### Task requirements
Set down every entry once more, character for character.

### The data

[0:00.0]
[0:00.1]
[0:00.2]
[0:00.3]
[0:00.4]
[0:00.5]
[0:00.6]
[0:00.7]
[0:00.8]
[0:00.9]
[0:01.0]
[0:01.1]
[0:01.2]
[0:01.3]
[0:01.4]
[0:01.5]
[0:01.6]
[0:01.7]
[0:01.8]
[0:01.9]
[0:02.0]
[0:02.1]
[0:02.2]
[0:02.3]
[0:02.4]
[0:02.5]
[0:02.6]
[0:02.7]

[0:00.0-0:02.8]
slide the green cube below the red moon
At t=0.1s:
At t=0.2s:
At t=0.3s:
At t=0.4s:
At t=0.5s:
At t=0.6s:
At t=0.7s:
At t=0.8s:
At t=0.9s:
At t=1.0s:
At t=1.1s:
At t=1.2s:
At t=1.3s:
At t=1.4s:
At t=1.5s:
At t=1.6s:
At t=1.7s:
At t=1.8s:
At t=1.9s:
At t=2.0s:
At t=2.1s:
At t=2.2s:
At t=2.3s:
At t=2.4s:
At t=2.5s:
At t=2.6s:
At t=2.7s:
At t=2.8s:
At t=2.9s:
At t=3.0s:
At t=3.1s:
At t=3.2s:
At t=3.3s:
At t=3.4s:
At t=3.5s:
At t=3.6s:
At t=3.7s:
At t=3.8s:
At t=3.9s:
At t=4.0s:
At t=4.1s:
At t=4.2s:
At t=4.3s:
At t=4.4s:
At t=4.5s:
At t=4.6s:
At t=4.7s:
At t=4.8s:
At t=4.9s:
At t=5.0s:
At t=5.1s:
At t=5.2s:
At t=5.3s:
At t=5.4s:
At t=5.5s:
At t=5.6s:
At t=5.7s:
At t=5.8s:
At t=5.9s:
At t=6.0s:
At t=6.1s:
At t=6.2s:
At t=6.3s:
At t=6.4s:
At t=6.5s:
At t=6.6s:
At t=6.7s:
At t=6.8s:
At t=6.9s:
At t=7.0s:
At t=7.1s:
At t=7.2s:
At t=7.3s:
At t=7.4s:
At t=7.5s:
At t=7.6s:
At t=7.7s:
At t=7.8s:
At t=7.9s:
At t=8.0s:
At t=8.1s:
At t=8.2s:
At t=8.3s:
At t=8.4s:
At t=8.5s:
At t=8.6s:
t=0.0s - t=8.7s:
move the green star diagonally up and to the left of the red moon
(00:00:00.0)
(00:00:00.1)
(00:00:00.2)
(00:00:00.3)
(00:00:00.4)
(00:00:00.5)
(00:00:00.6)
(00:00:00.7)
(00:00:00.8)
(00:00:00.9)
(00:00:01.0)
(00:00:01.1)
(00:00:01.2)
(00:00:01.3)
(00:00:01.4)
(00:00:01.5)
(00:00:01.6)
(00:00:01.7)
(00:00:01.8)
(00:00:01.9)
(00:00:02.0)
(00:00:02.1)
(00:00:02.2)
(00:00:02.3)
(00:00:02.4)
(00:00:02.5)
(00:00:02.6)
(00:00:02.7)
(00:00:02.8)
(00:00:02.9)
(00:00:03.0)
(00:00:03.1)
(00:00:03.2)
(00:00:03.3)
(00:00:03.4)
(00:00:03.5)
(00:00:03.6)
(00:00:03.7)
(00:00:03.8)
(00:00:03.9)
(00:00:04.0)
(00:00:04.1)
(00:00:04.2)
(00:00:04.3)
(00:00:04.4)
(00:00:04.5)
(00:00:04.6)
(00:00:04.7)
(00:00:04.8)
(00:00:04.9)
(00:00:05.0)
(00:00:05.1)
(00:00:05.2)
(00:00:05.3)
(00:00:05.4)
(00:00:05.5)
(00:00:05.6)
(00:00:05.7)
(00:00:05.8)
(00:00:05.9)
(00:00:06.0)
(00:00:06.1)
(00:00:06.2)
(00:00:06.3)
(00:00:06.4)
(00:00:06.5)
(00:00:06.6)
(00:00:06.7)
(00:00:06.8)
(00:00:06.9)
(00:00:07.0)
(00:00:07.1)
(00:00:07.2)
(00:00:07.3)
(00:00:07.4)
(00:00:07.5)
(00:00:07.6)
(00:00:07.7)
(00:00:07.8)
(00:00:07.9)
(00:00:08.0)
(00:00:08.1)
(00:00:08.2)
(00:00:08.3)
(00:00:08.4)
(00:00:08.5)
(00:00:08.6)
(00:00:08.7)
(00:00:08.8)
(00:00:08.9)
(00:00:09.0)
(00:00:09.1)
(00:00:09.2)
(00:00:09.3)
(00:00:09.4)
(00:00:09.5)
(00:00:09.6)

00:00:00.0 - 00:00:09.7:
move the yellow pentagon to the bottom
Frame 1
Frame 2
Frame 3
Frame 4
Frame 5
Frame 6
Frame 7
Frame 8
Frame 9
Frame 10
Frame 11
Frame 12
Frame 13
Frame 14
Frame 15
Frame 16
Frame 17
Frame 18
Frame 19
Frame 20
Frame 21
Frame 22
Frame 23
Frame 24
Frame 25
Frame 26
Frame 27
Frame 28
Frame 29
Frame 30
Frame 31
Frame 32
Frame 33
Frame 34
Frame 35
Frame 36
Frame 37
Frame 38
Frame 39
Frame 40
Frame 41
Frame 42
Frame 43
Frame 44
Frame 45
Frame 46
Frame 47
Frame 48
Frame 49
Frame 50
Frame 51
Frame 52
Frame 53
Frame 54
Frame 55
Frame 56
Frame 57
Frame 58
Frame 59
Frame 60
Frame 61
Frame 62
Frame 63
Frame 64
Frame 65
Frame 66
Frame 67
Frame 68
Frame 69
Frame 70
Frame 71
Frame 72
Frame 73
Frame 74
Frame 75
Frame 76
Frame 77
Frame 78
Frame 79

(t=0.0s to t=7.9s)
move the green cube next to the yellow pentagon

######

### Exercise answer
[0:00.0]
[0:00.1]
[0:00.2]
[0:00.3]
[0:00.4]
[0:00.5]
[0:00.6]
[0:00.7]
[0:00.8]
[0:00.9]
[0:01.0]
[0:01.1]
[0:01.2]
[0:01.3]
[0:01.4]
[0:01.5]
[0:01.6]
[0:01.7]
[0:01.8]
[0:01.9]
[0:02.0]
[0:02.1]
[0:02.2]
[0:02.3]
[0:02.4]
[0:02.5]
[0:02.6]
[0:02.7]

[0:00.0-0:02.8]
slide the green cube below the red moon
At t=0.1s:
At t=0.2s:
At t=0.3s:
At t=0.4s:
At t=0.5s:
At t=0.6s:
At t=0.7s:
At t=0.8s:
At t=0.9s:
At t=1.0s:
At t=1.1s:
At t=1.2s:
At t=1.3s:
At t=1.4s:
At t=1.5s:
At t=1.6s:
At t=1.7s:
At t=1.8s:
At t=1.9s:
At t=2.0s:
At t=2.1s:
At t=2.2s:
At t=2.3s:
At t=2.4s:
At t=2.5s:
At t=2.6s:
At t=2.7s:
At t=2.8s:
At t=2.9s:
At t=3.0s:
At t=3.1s:
At t=3.2s:
At t=3.3s:
At t=3.4s:
At t=3.5s:
At t=3.6s:
At t=3.7s:
At t=3.8s:
At t=3.9s:
At t=4.0s:
At t=4.1s:
At t=4.2s:
At t=4.3s:
At t=4.4s:
At t=4.5s:
At t=4.6s:
At t=4.7s:
At t=4.8s:
At t=4.9s:
At t=5.0s:
At t=5.1s:
At t=5.2s:
At t=5.3s:
At t=5.4s:
At t=5.5s:
At t=5.6s:
At t=5.7s:
At t=5.8s:
At t=5.9s:
At t=6.0s:
At t=6.1s:
At t=6.2s:
At t=6.3s:
At t=6.4s:
At t=6.5s:
At t=6.6s:
At t=6.7s:
At t=6.8s:
At t=6.9s:
At t=7.0s:
At t=7.1s:
At t=7.2s:
At t=7.3s:
At t=7.4s:
At t=7.5s:
At t=7.6s:
At t=7.7s:
At t=7.8s:
At t=7.9s:
At t=8.0s:
At t=8.1s:
At t=8.2s:
At t=8.3s:
At t=8.4s:
At t=8.5s:
At t=8.6s:
t=0.0s - t=8.7s:
move the green star diagonally up and to the left of the red moon
(00:00:00.0)
(00:00:00.1)
(00:00:00.2)
(00:00:00.3)
(00:00:00.4)
(00:00:00.5)
(00:00:00.6)
(00:00:00.7)
(00:00:00.8)
(00:00:00.9)
(00:00:01.0)
(00:00:01.1)
(00:00:01.2)
(00:00:01.3)
(00:00:01.4)
(00:00:01.5)
(00:00:01.6)
(00:00:01.7)
(00:00:01.8)
(00:00:01.9)
(00:00:02.0)
(00:00:02.1)
(00:00:02.2)
(00:00:02.3)
(00:00:02.4)
(00:00:02.5)
(00:00:02.6)
(00:00:02.7)
(00:00:02.8)
(00:00:02.9)
(00:00:03.0)
(00:00:03.1)
(00:00:03.2)
(00:00:03.3)
(00:00:03.4)
(00:00:03.5)
(00:00:03.6)
(00:00:03.7)
(00:00:03.8)
(00:00:03.9)
(00:00:04.0)
(00:00:04.1)
(00:00:04.2)
(00:00:04.3)
(00:00:04.4)
(00:00:04.5)
(00:00:04.6)
(00:00:04.7)
(00:00:04.8)
(00:00:04.9)
(00:00:05.0)
(00:00:05.1)
(00:00:05.2)
(00:00:05.3)
(00:00:05.4)
(00:00:05.5)
(00:00:05.6)
(00:00:05.7)
(00:00:05.8)
(00:00:05.9)
(00:00:06.0)
(00:00:06.1)
(00:00:06.2)
(00:00:06.3)
(00:00:06.4)
(00:00:06.5)
(00:00:06.6)
(00:00:06.7)
(00:00:06.8)
(00:00:06.9)
(00:00:07.0)
(00:00:07.1)
(00:00:07.2)
(00:00:07.3)
(00:00:07.4)
(00:00:07.5)
(00:00:07.6)
(00:00:07.7)
(00:00:07.8)
(00:00:07.9)
(00:00:08.0)
(00:00:08.1)
(00:00:08.2)
(00:00:08.3)
(00:00:08.4)
(00:00:08.5)
(00:00:08.6)
(00:00:08.7)
(00:00:08.8)
(00:00:08.9)
(00:00:09.0)
(00:00:09.1)
(00:00:09.2)
(00:00:09.3)
(00:00:09.4)
(00:00:09.5)
(00:00:09.6)

00:00:00.0 - 00:00:09.7:
move the yellow pentagon to the bottom
Frame 1
Frame 2
Frame 3
Frame 4
Frame 5
Frame 6
Frame 7
Frame 8
Frame 9
Frame 10
Frame 11
Frame 12
Frame 13
Frame 14
Frame 15
Frame 16
Frame 17
Frame 18
Frame 19
Frame 20
Frame 21
Frame 22
Frame 23
Frame 24
Frame 25
Frame 26
Frame 27
Frame 28
Frame 29
Frame 30
Frame 31
Frame 32
Frame 33
Frame 34
Frame 35
Frame 36
Frame 37
Frame 38
Frame 39
Frame 40
Frame 41
Frame 42
Frame 43
Frame 44
Frame 45
Frame 46
Frame 47
Frame 48
Frame 49
Frame 50
Frame 51
Frame 52
Frame 53
Frame 54
Frame 55
Frame 56
Frame 57
Frame 58
Frame 59
Frame 60
Frame 61
Frame 62
Frame 63
Frame 64
Frame 65
Frame 66
Frame 67
Frame 68
Frame 69
Frame 70
Frame 71
Frame 72
Frame 73
Frame 74
Frame 75
Frame 76
Frame 77
Frame 78
Frame 79

(t=0.0s to t=7.9s)
move the green cube next to the yellow pentagon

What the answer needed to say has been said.